One approach I expect folks to suggest is to build a child table like this with a row for each day that a subscription is active:
- UserId
- MembershipId
- ActiveDate
So if your subscription was active for 300 days, you’d have 300 rows in that table. Unfortunately, solutions like that can be tough to scale too: using our UsersMembership table, the number of rows in it would be pretty ugly if we had to maintain all history. I’d be at 7 billion rows even with this simplified example where each user only has one membership:
Razor-sharp readers like yourself may have noticed the column that I didn’t mention in this post. That particular column makes this exercise deliciously difficult – more on that in the next post.
19 Comments. Leave new
Just create a persisted computed column calculating whether or not the row is active based off the current time. That will work great, won’t it? 🙂
People constantly suggest that at first too, hahaha, and then they realize the problem when they’re thinking through the details. Time is a cruel mistress.
As I was typing it out I was imagining SQL dedicating CPU cycles to recalculating it frequently behind the scenes and shuddered.
Or you could have an active table that is truncated and populated at midnight via a scheduled job…the membership only expires at the end of the day right?
Unfortunately, businesses usually need to check eligibility for past dates too – as in, show me if the membership/policy was active as of last Thursday.
See, this is why you get the big bucks… 😉
HA!
[…] Brent Ozar shows why the StartDate + EndDate pattern is not great for filtering: […]

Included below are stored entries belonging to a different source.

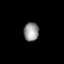
Tissue: lung
Cell type: Myeloid cells
Senescence score: 0.5833
Nuclear area (px): 274
Mean DAPI intensity: 149.095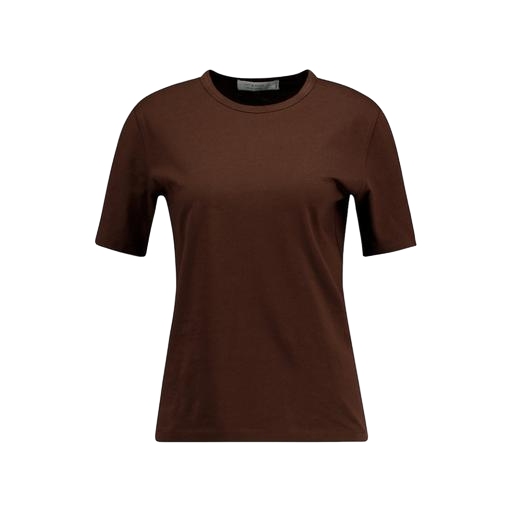
green jersey t-shirt brown, dark brown t-shirt, brown tee, white background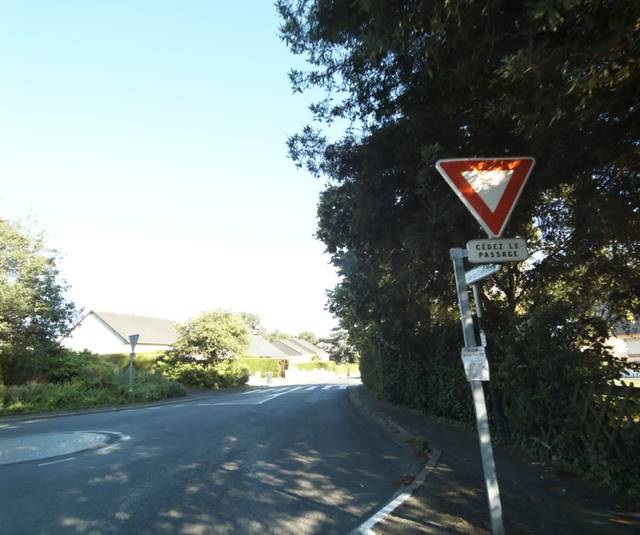
Region: France
Coordinates: 48.062, -0.795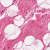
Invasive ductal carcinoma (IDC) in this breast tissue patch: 0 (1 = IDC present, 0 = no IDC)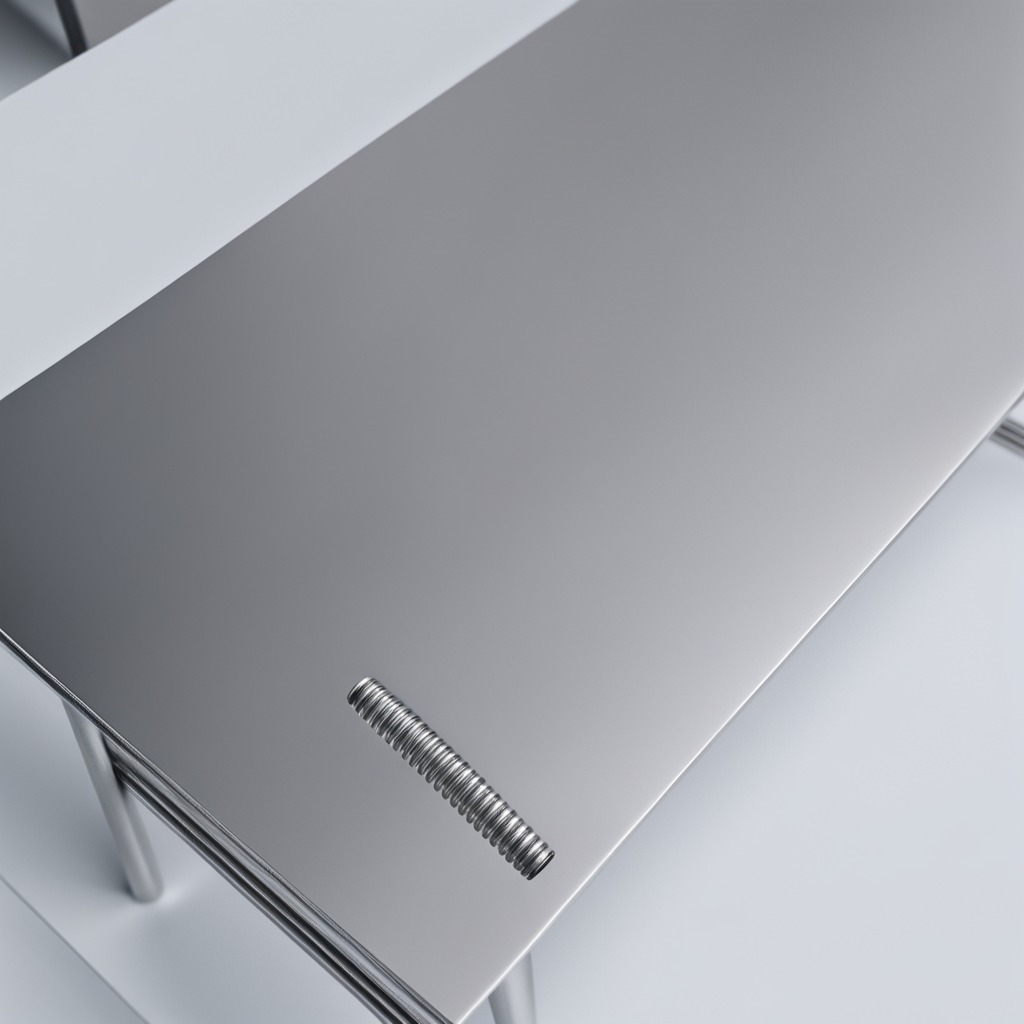
A coiled metal spring is lying on a stainless steel table in a high-end prototyping lab.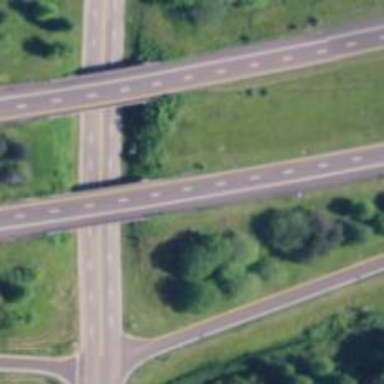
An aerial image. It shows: Asphalt bridge over primary highway expressway.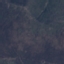
Land use / land cover class: HerbaceousVegetation

What about using a Temporal table. Add a user to the table when they “Start” and have a Job delete them when the End Date is reached, or in a trigger where CancelledEarlyDate is set to current (I’m assuming that you only set CancelledEarlyDate to the current date, if not, then into the previous Job they go.

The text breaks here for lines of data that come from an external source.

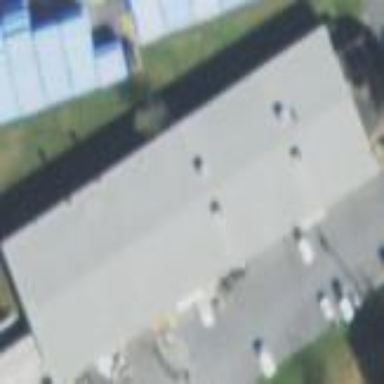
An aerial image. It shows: Industrial building.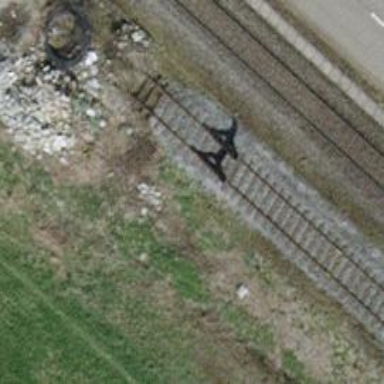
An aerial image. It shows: Railway buffer stop.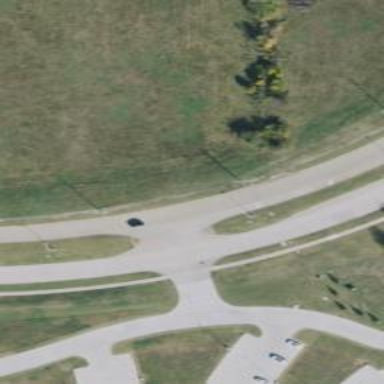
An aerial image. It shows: Secondary link road.
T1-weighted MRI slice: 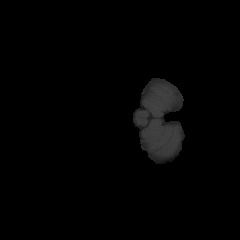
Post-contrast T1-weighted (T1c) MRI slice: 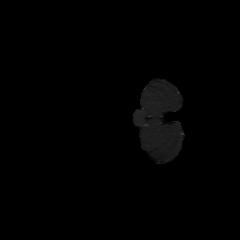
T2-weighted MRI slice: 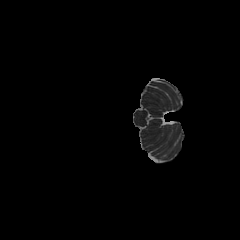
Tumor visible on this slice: no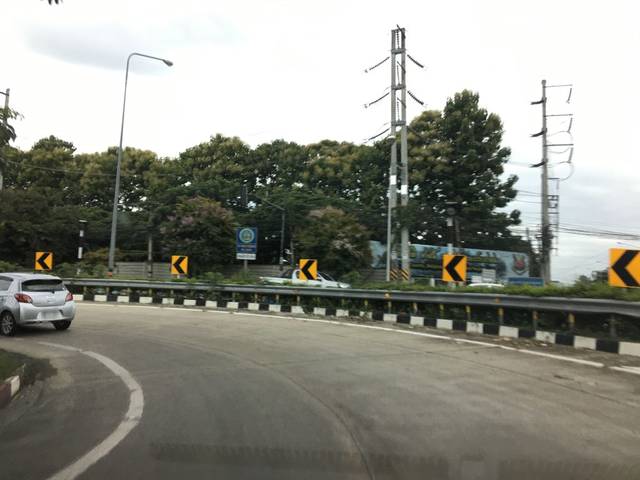
Region: Thailand
Coordinates: 18.842, 98.973
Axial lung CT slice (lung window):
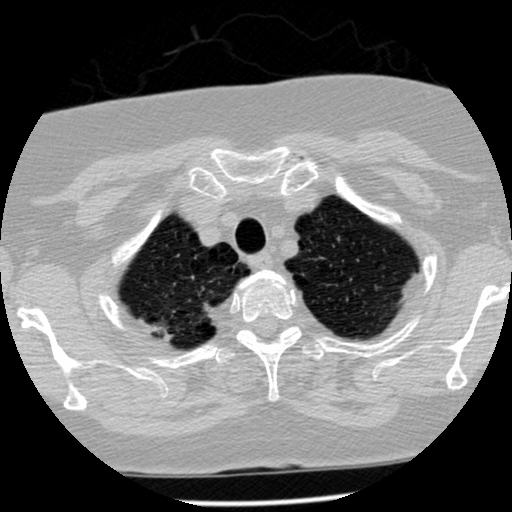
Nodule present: no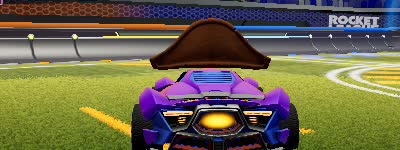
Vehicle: werewolf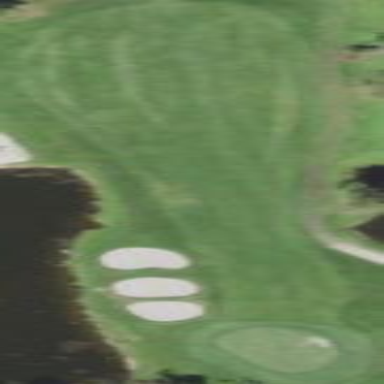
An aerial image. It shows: Scenic golf fairway.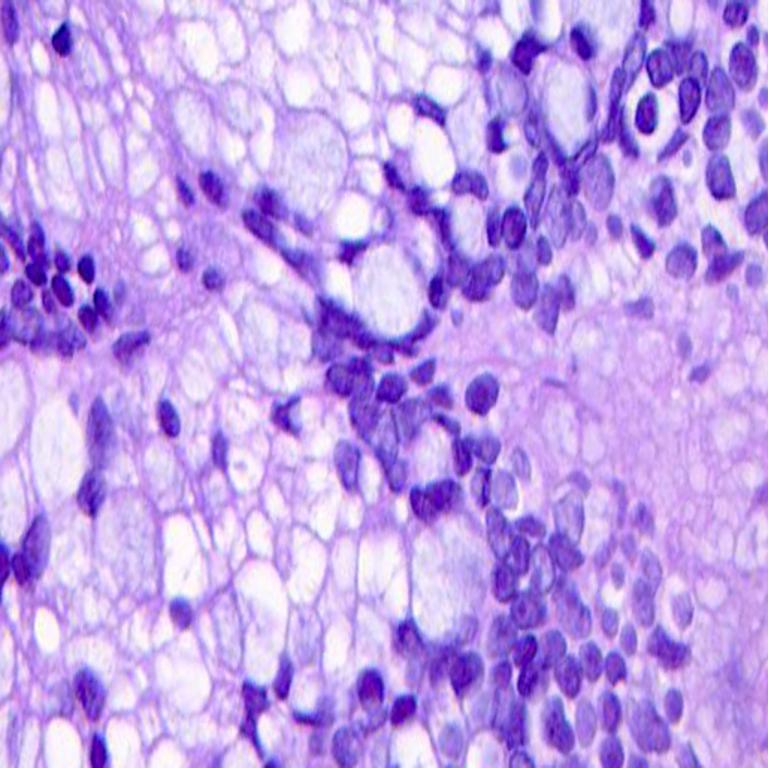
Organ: colon
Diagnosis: adenocarcinomas

Then you can simply use the Temporal querying for any specific date.
Scott – sure, but then you’d have to change the queries (often dramatically, as I talk about in the next post when the early cancelation date column comes into play.)

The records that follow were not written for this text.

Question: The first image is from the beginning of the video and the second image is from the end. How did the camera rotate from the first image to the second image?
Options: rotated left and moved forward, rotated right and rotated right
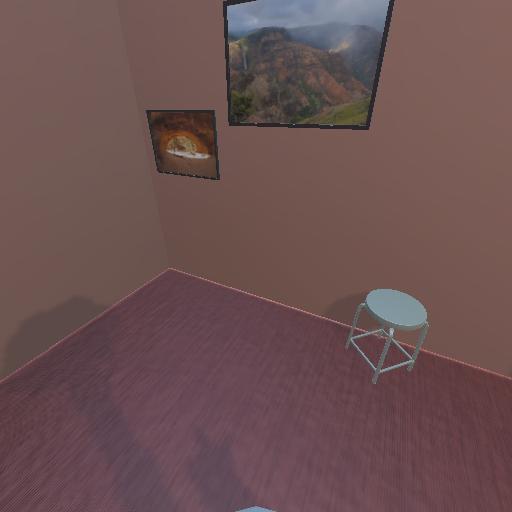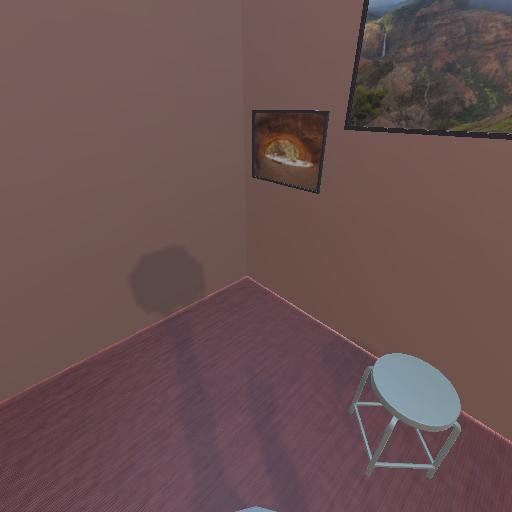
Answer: rotated left and moved forward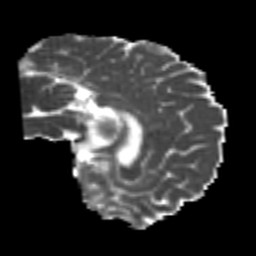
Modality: MD
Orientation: sagittal
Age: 24
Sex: male
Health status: healthy
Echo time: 0.074 s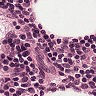
Metastatic tissue present: no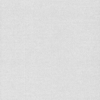
Label: dusty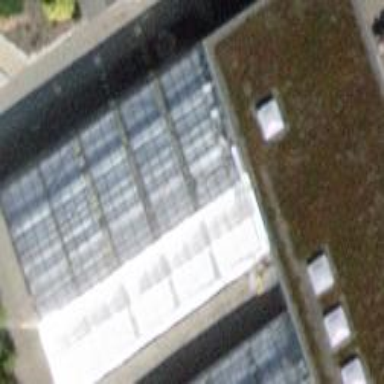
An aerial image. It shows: Greenhouse.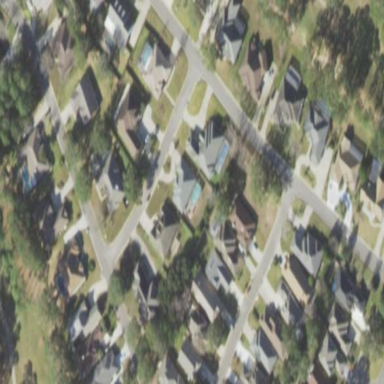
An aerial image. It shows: This residential area consists of single-family homes.
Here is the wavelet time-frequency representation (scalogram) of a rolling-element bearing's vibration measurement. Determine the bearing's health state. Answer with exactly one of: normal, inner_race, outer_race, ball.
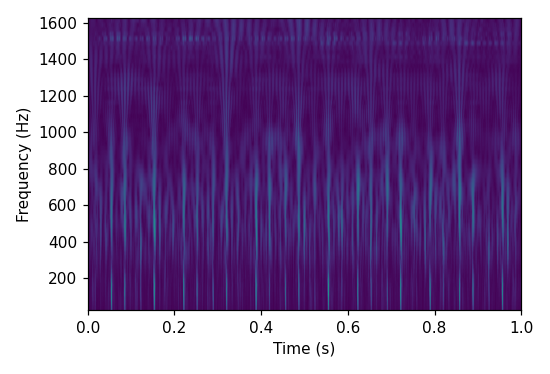
Answer: inner_race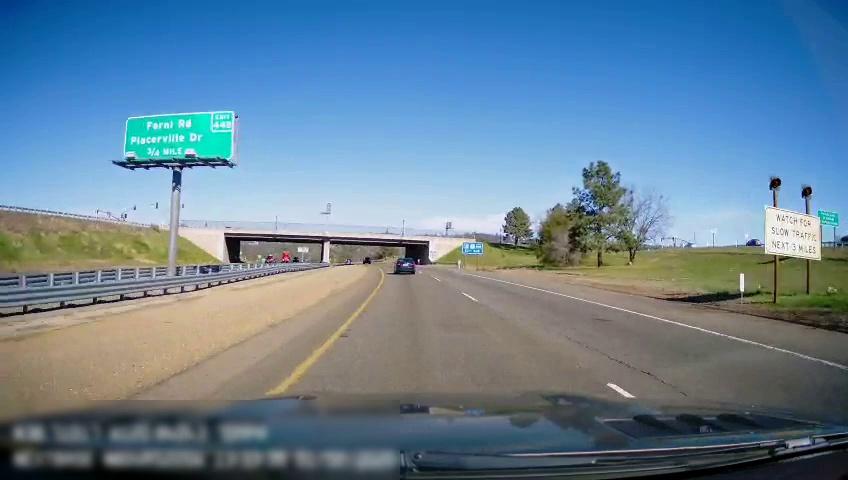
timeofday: Day
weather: Sunny
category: Drivable Space
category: Vehicles | Truck
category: Vehicles | Truck
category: Vehicles | Car
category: Vehicles | SUV
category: Vehicles | SUV
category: Lanes | Current Lane
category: Lanes | Current Lane
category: Lanes | Alternate Lane
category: Traffic | Signs
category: Traffic | Signs
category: Traffic | Signs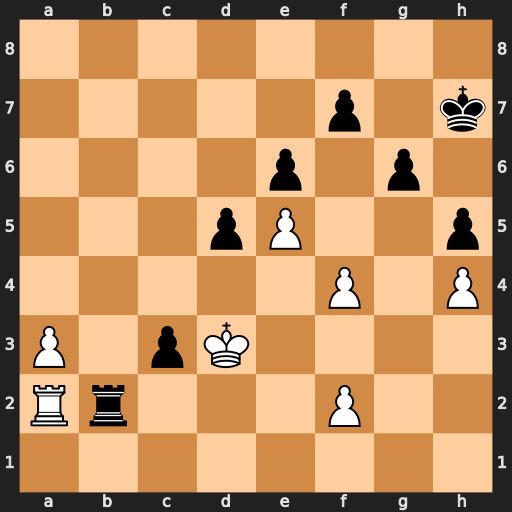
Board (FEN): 8/5p1k/4p1p1/3pP2p/5P1P/P1pK4/Rr3P2/8
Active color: w
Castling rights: -
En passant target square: -
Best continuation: Rxb2 cxb2 Kc2 b1=Q+ Kxb1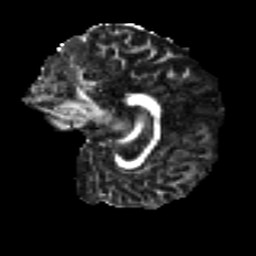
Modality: FA
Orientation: sagittal
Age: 22
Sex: female
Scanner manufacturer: ge
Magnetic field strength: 3 T
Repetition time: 7.8 s
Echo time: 0.0606 s
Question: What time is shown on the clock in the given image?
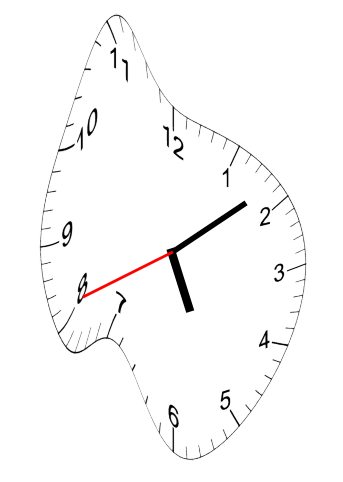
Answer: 05:08:41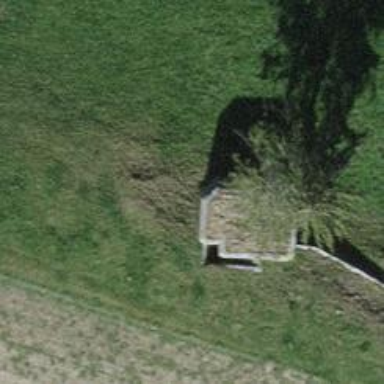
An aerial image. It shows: Historic military bunker building.

I wish I could tell people, “hey, just change the way you store and query data,” but in real life, that’s usually a pretty tough sell.
This would required quantum physics (as object can have 2 different values at the same time, like the start and the end) in order to make it work great 😉
Maybe in SQL2119
how about treating timestamps like points in 1 dimensional space and use heavy artillery of spatial goodies builtin db engine?
Filip – go ahead and read the whole post, particularly the part about suggestions.
I’ve read that part before posting my question (no fingers crossed). I’ll try that myself when I manage to accumulate some free time. I won’t forget that topic, because I’m dealing with sub 1TB tables, where long scans on timestamp columns pains me every week.
Wonder where you got that scenario from… 😉 Thank you for sharing, big hug my friend!
I thought you’d like that! Good hearing from you, and hope to see you again soon.
I do indeed!
Same here.
Hi,
I’d like to know when was the first order and last order placed for a given product. How to extract first order start date and last order end date from same column (OrderDate)?Do I need to use dateadd() or lead function?
Hi, Chris. Unfortunately I can’t do free personalized consulting & training here in the comments.